I wanted a dead simple application to handle my grocery list, so I asked ChatGPT to build one for me. It was my first time building an app with ChatGPT and it took me about two hours. Much of that was my learning curve. Getting used to this means I can make these apps even faster.
It’s worth noting that while I’ve done Android development with Kotlin, I know nothing about the iOS ecosystem or the Swift programming language. The first time I thought about developing apps for the iPhone was back in the early days, when Objective-C was king and memory management was still manual. I took one look at the code and my wife had to stop me from jabbing a fork in my eye. I’ve never looked back. Until now.
Why Not Copilot?
You might be wondering why I didn’t just use Copilot? First, Copilot integration with XCode is incredibly painful and after a long time fighting with it, XCode finally had Copilot, but I couldn’t get it to make any suggestions, so I just gave up. It wasn’t the point of what I was trying to do.
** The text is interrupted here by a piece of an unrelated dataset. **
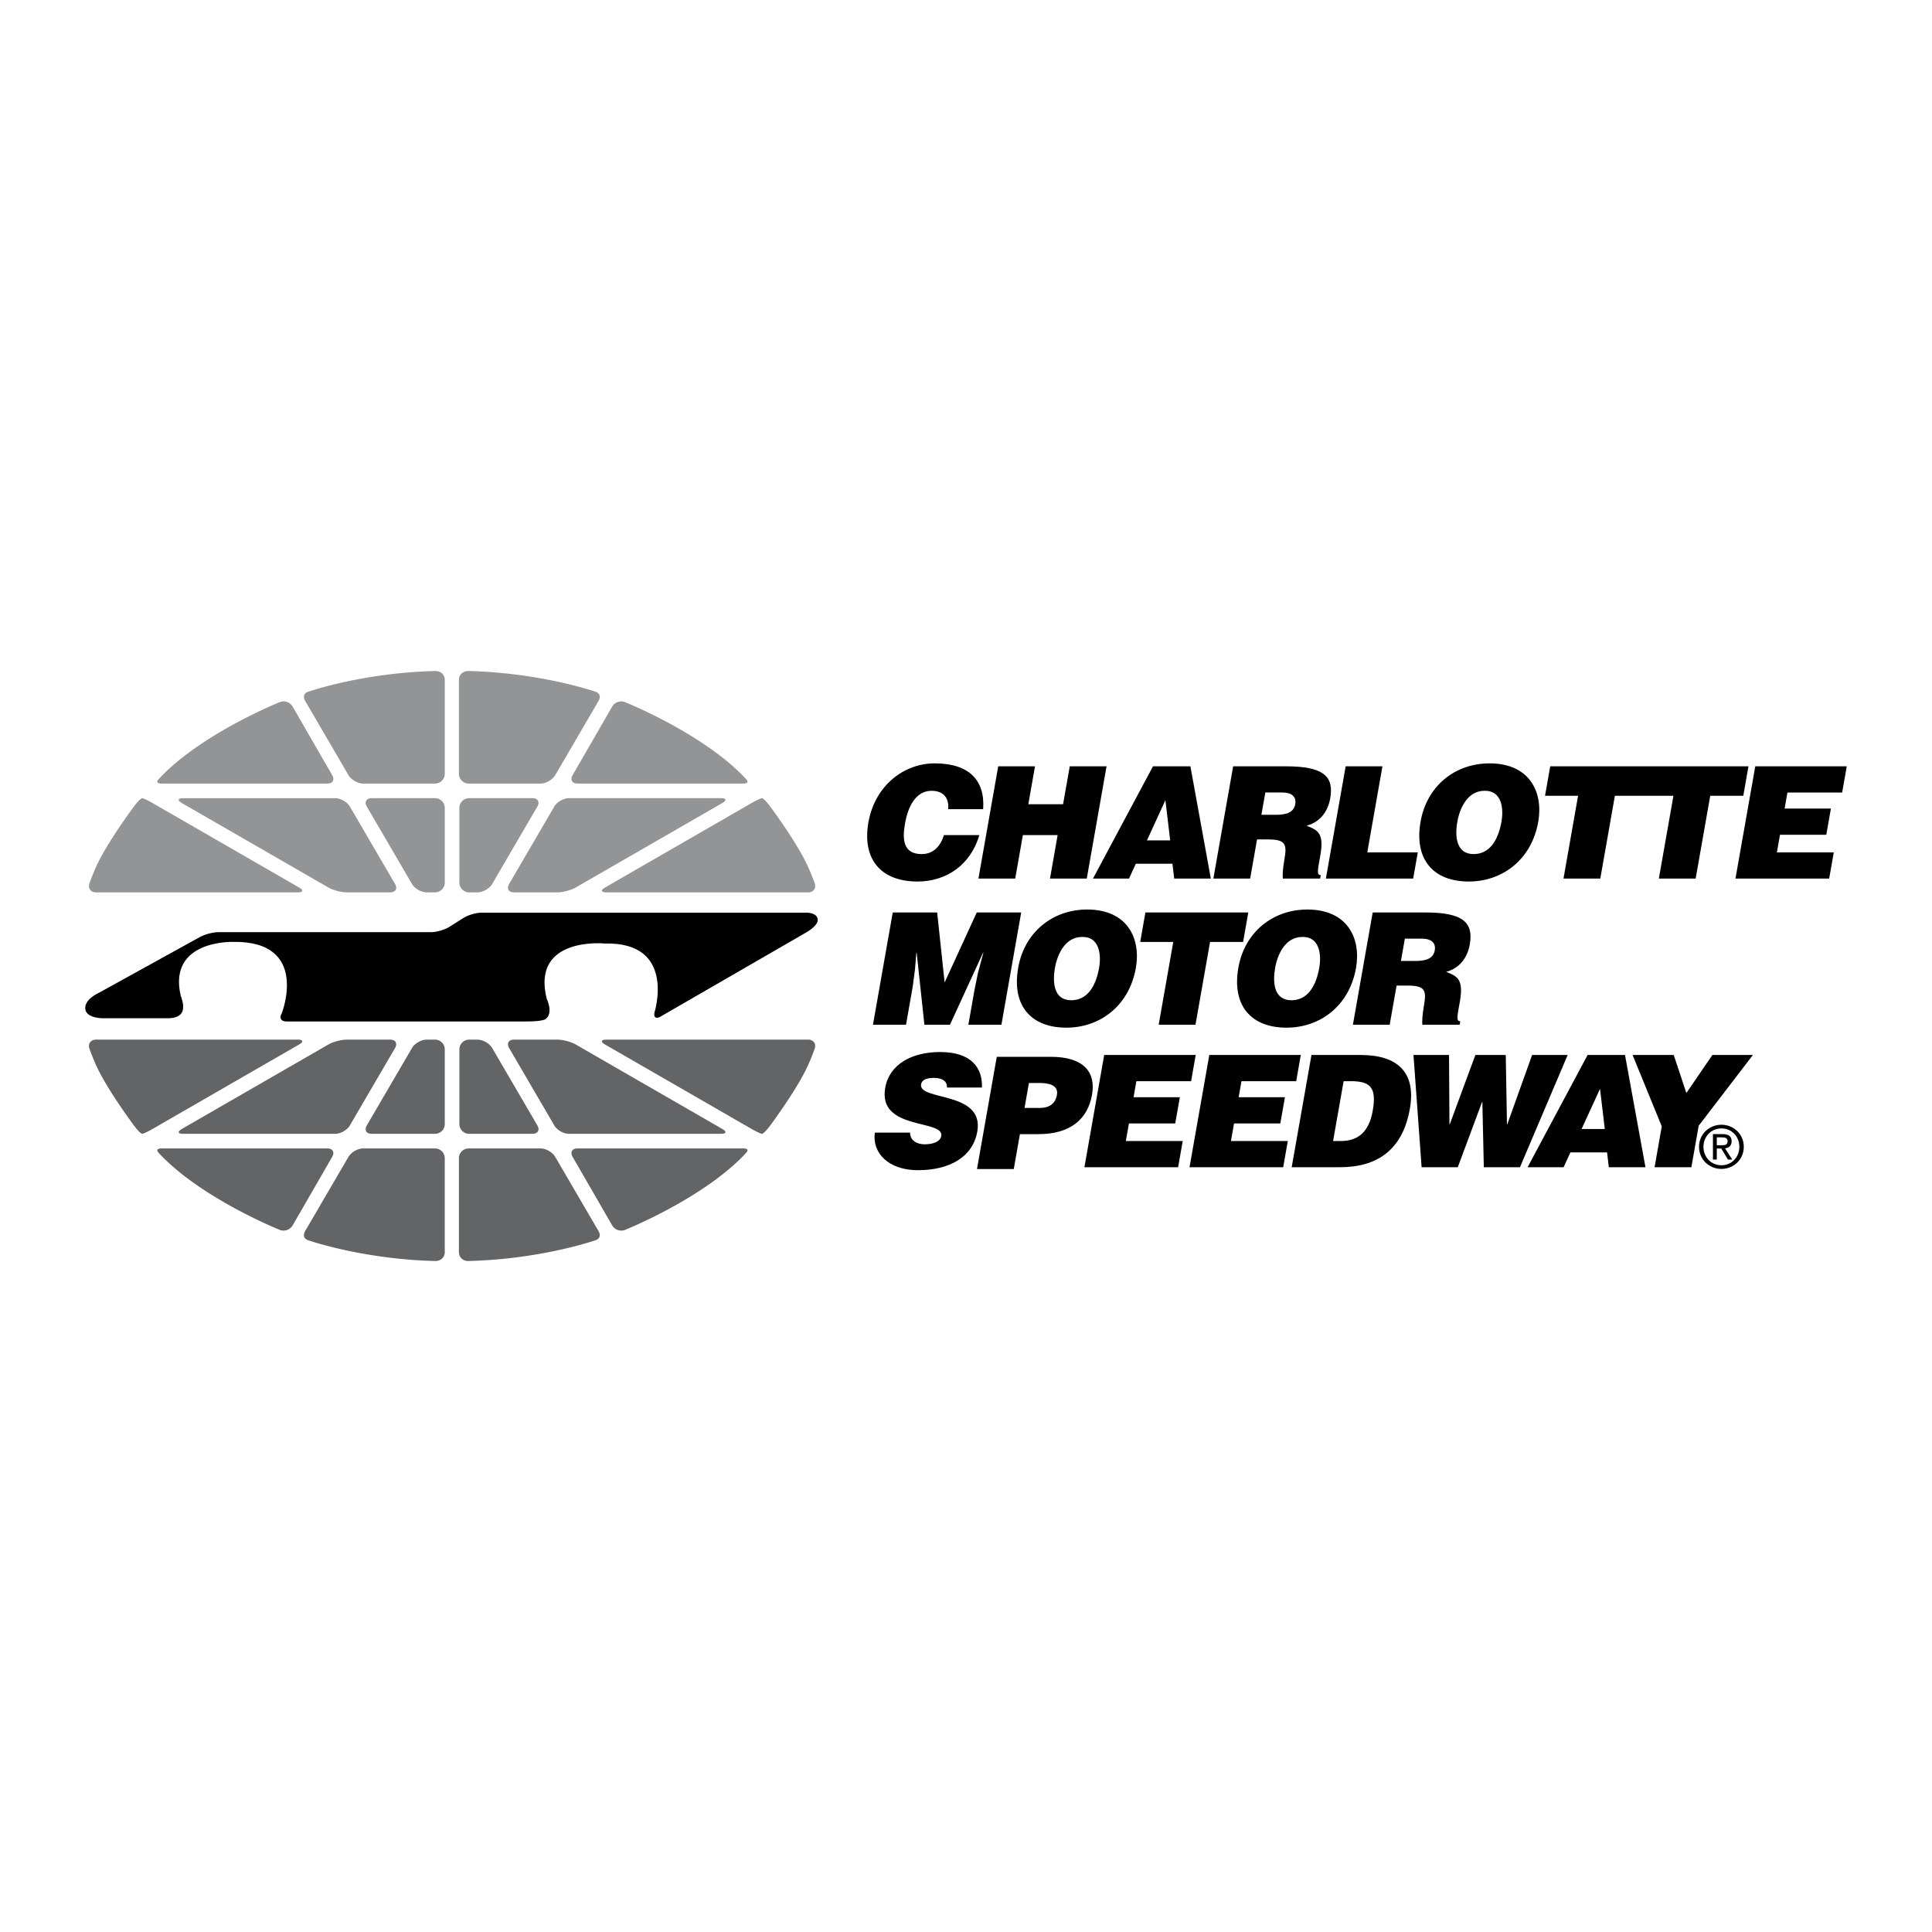 <svg xmlns="http://www.w3.org/2000/svg" width="2500" height="2500" viewBox="0 0 192.756 192.756"><g fill-rule="evenodd" clip-rule="evenodd"><path fill="#fff" d="M0 0h192.756v192.756H0V0z"/><path d="M80.63 86.501c.373.833.649 1.614.649 1.614.179.504-.113.917-.648.917H60.494c-.535 0-.593-.219-.13-.485l14.624-8.427c.463-.267.931-.485 1.039-.485s.458.35.779.778c-.001 0 2.735 3.653 3.824 6.088zM46.805 89.032a.975.975 0 0 1-.972-.972v-7.453c0-.535.437-.973.972-.973h6.323c.535 0 .751.378.482.84l-4.504 7.718c-.269.462-.927.84-1.462.84h-.839zM44.375 88.06a.974.974 0 0 1-.972.972h-.839c-.535 0-1.192-.378-1.462-.84l-4.504-7.718c-.27-.462-.053-.84.482-.84h6.323c.535 0 .972.438.972.973v7.453zM39.413 88.192c.27.462.053.84-.482.84h-4.352c-.535 0-1.351-.219-1.814-.485L18.141 80.12c-.463-.267-.405-.485.13-.485h15.176c.535 0 1.192.378 1.462.84l4.504 7.717zM51.277 89.032c-.534 0-.751-.378-.481-.84l4.503-7.718c.27-.462.927-.84 1.462-.84h15.175c.535 0 .593.218.13.485l-14.624 8.427c-.463.267-1.279.485-1.814.485h-4.351v.001zM74.431 77.722c.196.212.141.308.141.308-.035.104-.175.162-.664.146H57.612c-.535 0-.751-.378-.482-.84l3.954-6.85a1.05 1.05 0 0 1 1.358-.402s7.841 3.155 11.989 7.638zM27.831 70.084a1.05 1.05 0 0 1 1.358.402l3.954 6.85c.27.462.053.84-.482.84H16.365c-.489.015-.628-.042-.664-.146 0 0-.056-.096.141-.308 4.148-4.483 11.989-7.638 11.989-7.638zM43.407 66.946c.535-.014.968.346.968.881v9.377a.974.974 0 0 1-.972.972h-7.174c-.534 0-1.192-.378-1.462-.84l-4.312-7.389c-.269-.462-.127-.828.391-.961-.001 0 5.331-1.858 12.561-2.04zM59.317 68.986c.518.134.66.5.391.961l-4.312 7.389c-.27.462-.927.84-1.462.84H46.76a.975.975 0 0 1-.972-.972v-9.377c0-.535.433-.895.968-.881 7.228.182 12.561 2.04 12.561 2.04zM9.578 86.501c1.089-2.435 3.825-6.088 3.825-6.088.32-.428.671-.778.779-.778s.575.218 1.039.485l14.624 8.427c.463.267.405.485-.13.485H9.577c-.534 0-.826-.413-.647-.917-.001 0 .276-.781.648-1.614z" fill="#929496"/><path d="M76.805 112.344c-.32.428-.671.777-.779.777s-.575-.217-1.039-.484l-14.624-8.428c-.463-.266-.405-.484.13-.484H80.63c.535 0 .827.412.648.916 0 0-.276.781-.649 1.615-1.088 2.435-3.824 6.088-3.824 6.088zM47.645 103.725c.535 0 1.193.377 1.462.84l4.504 7.717c.269.463.052.84-.482.84h-6.323a.975.975 0 0 1-.972-.971v-7.453c0-.535.437-.973.972-.973h.839zM44.375 112.15a.975.975 0 0 1-.972.971H37.08c-.535 0-.751-.377-.482-.84l4.504-7.717c.27-.463.927-.84 1.462-.84h.839c.535 0 .972.438.972.973v7.453zM34.909 112.281c-.27.463-.927.84-1.462.84H18.271c-.535 0-.593-.217-.13-.484l14.624-8.428c.463-.266 1.28-.484 1.814-.484h4.352c.535 0 .751.377.482.84l-4.504 7.716zM55.629 103.725c.535 0 1.351.219 1.814.484l14.624 8.428c.463.268.404.484-.13.484H56.761c-.535 0-1.193-.377-1.462-.84l-4.503-7.717c-.27-.463-.053-.84.481-.84h4.352v.001zM62.442 122.672a1.051 1.051 0 0 1-1.358-.402l-3.954-6.85c-.27-.463-.053-.84.482-.84h16.296c.489-.016.628.043.664.146 0 0 .056.096-.141.307-4.148 4.485-11.989 7.639-11.989 7.639zM15.842 115.033c-.197-.211-.141-.307-.141-.307.036-.104.175-.162.664-.146h16.296c.535 0 .752.377.482.84l-3.954 6.85a1.05 1.05 0 0 1-1.358.402s-7.841-3.154-11.989-7.639zM30.845 123.77c-.518-.133-.66-.498-.391-.961l4.312-7.389c.27-.463.928-.84 1.462-.84h7.174c.535 0 .972.438.972.973v9.377c0 .535-.433.895-.968.881-7.229-.184-12.561-2.041-12.561-2.041zM46.754 125.811c-.535.014-.968-.346-.968-.881v-9.377c0-.535.438-.973.972-.973h7.174c.535 0 1.192.377 1.462.84l4.312 7.389c.269.463.127.828-.391.961.002 0-5.331 1.857-12.561 2.041zM8.929 104.641c-.179-.504.113-.916.647-.916h20.138c.535 0 .593.219.13.484l-14.624 8.428c-.463.268-.931.484-1.039.484s-.459-.35-.779-.777c0 0-2.736-3.652-3.825-6.088-.371-.834-.648-1.615-.648-1.615z" fill="#636466"/><path d="M80.491 92.999l-14.59 8.427c-.463.268-.729.064-.592-.453 0 0 2.191-7-4.938-6.837 0 0-7.397-.756-5.825 5.505 0 0 .67 1.381-.059 1.988 0 0-.122.283-1.984.283H28.564c-.534 0-.736-.369-.449-.82 0 0 2.839-7.24-4.857-7.119 0 0-6.526-.227-5.23 5.363 0 0 .369.875.207 1.441 0 0-.081.77-1.336.811h-6.238c-1.903.082-2.106-.729-2.106-.729-.365-1.094 1.355-1.83 1.355-1.83l10.067-5.558c.468-.259 1.289-.47 1.823-.47h21.225c.534 0 1.342-.234 1.794-.52l1.435-.906c.452-.285 1.259-.519 1.794-.519h32.444s1.134 0 1.094.77c-.001.001.039.485-1.095 1.173zM94.603 80.733c.097-1.167-.516-1.835-1.667-1.835-1.291 0-2.263 1.104-2.644 3.266-.277 1.571-.195 3.048 1.671 3.048 1.182 0 1.887-.824 2.216-1.897h3.53c-.835 2.893-3.21 4.635-6.166 4.635-3.702 0-5.542-2.271-4.9-5.91.639-3.624 3.494-5.879 6.62-5.879 3.421 0 5.036 1.695 4.825 4.573h-3.485v-.001zM97.619 87.655l1.973-11.198h3.67l-.666 3.779h3.468l.666-3.779h3.67l-1.972 11.198h-3.67l.763-4.34h-3.468l-.764 4.34h-3.67zM109.047 87.655l5.986-11.198h3.733l2.039 11.198h-3.655l-.175-1.478h-3.655l-.679 1.478h-3.594z"/><path fill="#fff" d="M116.273 79.832l-1.841 4.012h2.316l-.475-4.012z"/><path d="M125.416 83.75l-.688 3.904h-3.67l1.973-11.198h5.289c3.732 0 4.783 1.011 4.398 3.188-.227 1.291-.994 2.38-2.363 2.738 1.105.435 1.771.715 1.373 2.97-.258 1.462-.391 1.96.045 1.96l-.061.342h-3.717c-.051-.249-.018-.965.158-1.96.258-1.462.094-1.944-1.617-1.944h-1.12z"/><path d="M125.85 81.293h1.447c1.135 0 1.791-.28 1.928-1.058.141-.793-.416-1.167-1.271-1.167h-1.711l-.393 2.225z" fill="#fff"/><path d="M132.283 87.655l1.973-11.198h3.67l-1.512 8.585h5.039l-.461 2.613h-8.709zM153.471 81.993c-.672 3.811-3.617 5.957-6.93 5.957-3.514 0-5.479-2.177-4.809-5.988.621-3.515 3.402-5.801 6.887-5.801 3.996 0 5.371 2.878 4.852 5.832z"/><path d="M145.398 81.993c-.252 1.431-.131 3.219 1.625 3.219 1.588 0 2.449-1.369 2.777-3.219.268-1.524-.07-3.142-1.695-3.095-1.664 0-2.457 1.68-2.707 3.095z" fill="#fff"/><path d="M154.666 76.457l-.518 2.939h3.297l-1.455 8.259h3.672l1.455-8.259h5.842l-1.455 8.259h3.672l1.455-8.259h3.297l.517-2.939h-19.779zM173.148 87.655l1.975-11.198h9.129l-.461 2.612h-5.459l-.281 1.602h4.619l-.461 2.613h-4.619l-.309 1.758h5.676l-.461 2.613h-9.348zM87.096 102.236l1.973-11.198h4.432l.745 6.983 3.205-6.983h4.434l-1.973 11.198h-3.298l.603-3.422.353-1.742.543-2.021h-.031l-3.303 7.185h-2.551l-.771-7.185h-.031l-.135 1.648-.229 1.742-.669 3.795h-3.297zM113.324 96.574c-.672 3.811-3.615 5.957-6.928 5.957-3.516 0-5.48-2.178-4.809-5.988.619-3.514 3.402-5.8 6.885-5.8 3.999 0 5.374 2.877 4.852 5.831z"/><path d="M105.252 96.574c-.252 1.432-.131 3.221 1.627 3.221 1.586 0 2.449-1.369 2.775-3.221.268-1.523-.068-3.141-1.695-3.094-1.664 0-2.457 1.68-2.707 3.094z" fill="#fff"/><path d="M114.277 91.038h10.266l-.518 2.94h-3.296l-1.456 8.258h-3.671l1.455-8.258h-3.297l.517-2.94zM135.291 96.574c-.672 3.811-3.617 5.957-6.93 5.957-3.514 0-5.479-2.178-4.809-5.988.621-3.514 3.402-5.8 6.887-5.8 3.997 0 5.372 2.877 4.852 5.831z"/><path d="M127.219 96.574c-.252 1.432-.133 3.221 1.625 3.221 1.588 0 2.449-1.369 2.775-3.221.27-1.523-.068-3.141-1.693-3.094-1.664 0-2.457 1.68-2.707 3.094z" fill="#fff"/><path d="M139.338 98.332l-.688 3.904h-3.67l1.973-11.198h5.289c3.732 0 4.783 1.011 4.398 3.188-.227 1.291-.994 2.379-2.363 2.736 1.105.436 1.771.717 1.373 2.971-.258 1.463-.391 1.961.045 1.961l-.061.342h-3.717c-.051-.248-.018-.965.158-1.959.258-1.463.094-1.945-1.617-1.945h-1.12z"/><path d="M139.771 95.875h1.447c1.135 0 1.791-.28 1.928-1.058.141-.793-.416-1.167-1.271-1.167h-1.711l-.393 2.225z" fill="#fff"/><path d="M94.484 108.506c.006-.389-.155-.621-.395-.762s-.556-.203-.913-.203c-.809 0-1.208.234-1.279.639-.296 1.68 6.327.637 5.608 4.713-.457 2.598-2.841 3.857-5.921 3.857-2.955 0-4.58-1.727-4.301-3.75h3.515c.006.404.172.701.45.887.263.188.635.281.992.281.918 0 1.577-.297 1.67-.824.298-1.695-6.346-.529-5.592-4.807.419-2.379 2.683-3.576 5.483-3.576 3.11 0 4.247 1.586 4.165 3.545h-3.482zM97.475 116.635l1.973-11.197h5.396c3.219 0 4.514 1.479 4.109 3.779-.426 2.41-2.125 3.936-5.344 3.936h-1.852l-.613 3.482h-3.669z"/><path d="M103.742 110.539c.855 0 1.539-.342 1.709-1.307.184-1.043-.975-1.182-1.752-1.182h-1.043l-.438 2.488h1.524v.001z" fill="#fff"/><path d="M108.193 116.453l1.973-11.197h9.131l-.461 2.613h-5.459l-.281 1.602h4.619l-.461 2.613h-4.619l-.311 1.756h5.678l-.461 2.613h-9.348zM118.68 116.453l1.972-11.197h9.129l-.459 2.613h-5.459l-.283 1.602h4.619l-.461 2.613h-4.619l-.308 1.756h5.675l-.461 2.613h-9.345zM128.873 116.453l1.973-11.197h4.914c3.609 0 5.553 1.68 4.902 5.365-.742 4.215-3.377 5.832-6.969 5.832h-4.82z"/><path d="M133.002 113.84h.779c1.711 0 2.803-.902 3.176-3.016.41-2.334-.242-2.955-2.201-2.955h-.701l-1.053 5.971z" fill="#fff"/><path d="M150.35 112.176h.031l2.478-6.92h3.547l-4.758 11.197h-3.607l-.146-6.5h-.032l-2.42 6.5h-3.609l-.811-11.197h3.547l.041 6.92h.03l2.558-6.92h3.031l.12 6.92zM152.41 116.453l5.985-11.197h3.732l2.041 11.197h-3.656l-.174-1.476h-3.656l-.68 1.476h-3.592z"/><path fill="#fff" d="M159.635 108.631l-1.842 4.012h2.318l-.476-4.012z"/><path d="M168.748 116.453h-3.67l.717-4.074-2.912-7.123h4.105l1.26 3.795 2.598-3.795h4.043l-5.412 7.06-.729 4.137z"/><path d="M169.512 114.414c0-1.266 1.025-2.199 2.24-2.199 1.201 0 2.227.934 2.227 2.199 0 1.277-1.025 2.211-2.227 2.211-1.215 0-2.24-.934-2.24-2.211z"/><path d="M171.752 116.258c.996 0 1.783-.781 1.783-1.844 0-1.043-.787-1.832-1.783-1.832-1.01 0-1.797.789-1.797 1.832 0 1.063.787 1.844 1.797 1.844z" fill="#fff"/><path d="M171.285 115.691h-.385v-2.543h.967c.602 0 .898.223.898.723 0 .455-.285.654-.658.701l.723 1.119h-.432l-.67-1.102h-.443v1.102z"/><path d="M171.746 114.262c.326 0 .617-.021.617-.414 0-.314-.285-.373-.555-.373h-.523v.787h.461z" fill="#fff"/></g></svg>

Second, Copilot’s just not a good fit for this (yet). Putting aside—for the moment—the problems with hallucinations, you can think of Copilot as autocomplete for methods. Where do I put those methods in an XCode application? I had no clue. ChatGPT, however, is autocomplete for ideas. It’s “top down” instead of “bottom up” and that’s exactly what I needed.
My First Prompt
Since I’ve been doing a deep dive into this area, I had a pretty good idea of what to expect. The clearer and more structured your prompt is to ChatGPT, the better your output (note: this is all ChatGPT 4. Earlier versions are far less capable). So I approached this like a product owner, detailing the exact requirements for the application that the customer (me) would need.
I would like to create a small shopping list app in Swift for the iPhone. I have a newer version of XCode.
- The app should allow me to enter and delete food items to buy.
- Each entry should have a checkbox to the left. Unchecked items should appear at the top, checked items at the bottom.
- At the top of the screen should be a large title which says “Shopping.”
- At the bottom of the screen should be two buttons. One says “Alpha” and the other says “Frequency.”
- If I click on the button which says “Alpha”, all items should be sorted first by unchecked and the checked status. A secondary, alphabetical sort for each checked and unchecked section.
- If I click on the button which says “Frequency,” all items should be sorted first by unchecked and the checked status. A secondary, sort for the frequency with which I first entered or unchecked each item.
- The application needs storage to save the number of times I’ve entered or unchecked each item.
- After I close and reopen the app, it should show the list in the last state it was observed.
- If I delete an item from the list, it should also be deleted from storage.
That might seem like a lot of work, but the up-front effort pays off.
ChatGPT responded quickly with a detailed outline. I’ve reproduced a shorter version below, but rather than overwhelm the reader, I’ve included the full transcript in this Google document . I’ve turned on commenting on that document, so feel free to add your own.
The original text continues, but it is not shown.